Телевизор у Ани был обширный, но не обширнее Витиного — Витин отец придавал этому значение, — но даже и в нем Вите чудилась некая особая простота и сдержанность, как будто он исключительно из демократизма скрывал свое родство с красными деревьями и красными директорами.
В фигурном катании Витю по-настоящему потряс — до замирания, до благоговейного вытягивания шеи — только мужской одинокий полет надо льдом: стройный черный силуэт уносился вдаль, и вдруг — как будто без усилия, как будто сам собой — ВЗЛЕТ!.. Женщины не вызывали у него этого чувства — само собой, он ни на миг не переставал замечать, как это делается: бросались в глаза голые ноги, трусики… А если еще партнер хватал ее за разные места… Будь Витя склонен к философствованиям, он сказал бы, что истинное искусство — даже в спорте — не поражает возможностями нашего тела, но заставляет забыть, что у нас есть тело, заставляет поверить в невозможное.

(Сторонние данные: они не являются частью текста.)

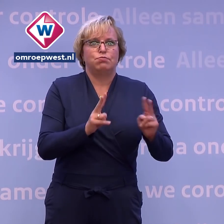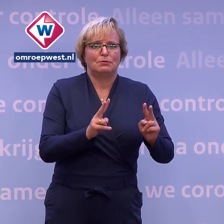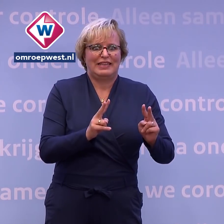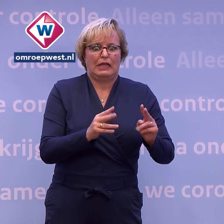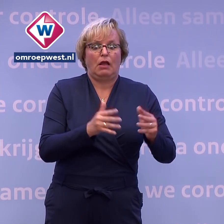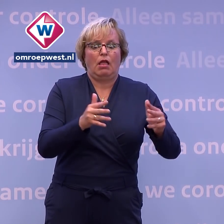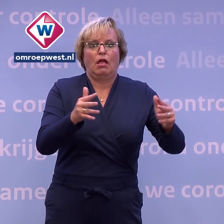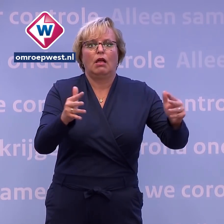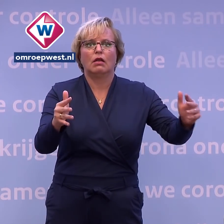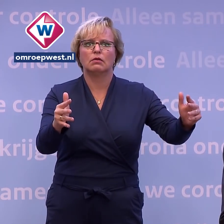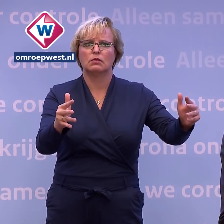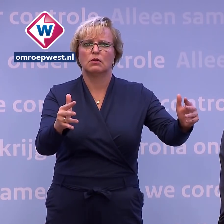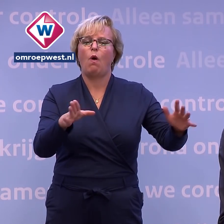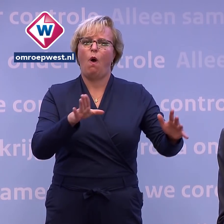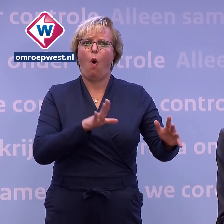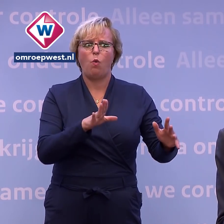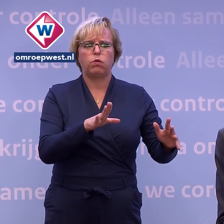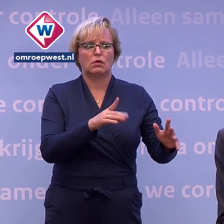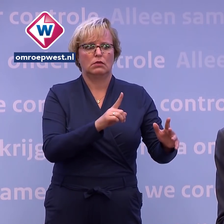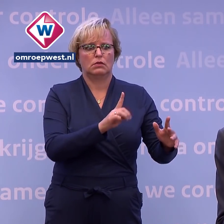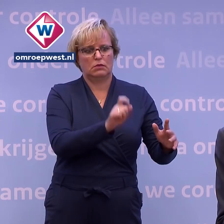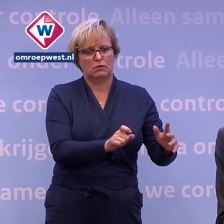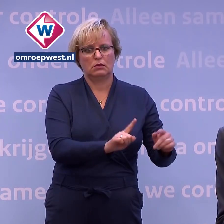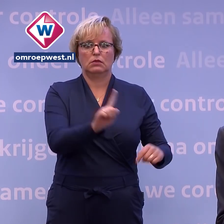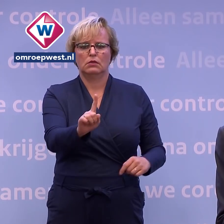En als het even tegen zit, weer op een feestje met vijftig man.

— Но ты вглядись, вглядись, какая грация, — тормошила его Аня, понуждая разглядеть что-то еще в какой-то своей любимице, и Витя в конце концов заголосил, что грация женщин вовсе не в том, чтобы прыгать и размахивать ногами, а в том, чтобы просто садиться, поворачивать голову, подавать руку…
— Вот на тебя можно смотреть бесконечно, когда ты поправляешь волосы, берешь чашку, подносишь ее к губам… Вот это действительно грация! — в отчаянии закончил он, чувствуя, что лицо уже пылает, и пальцем утверждая на переносице очки, чтобы прикрыть хоть малую часть горящей территории.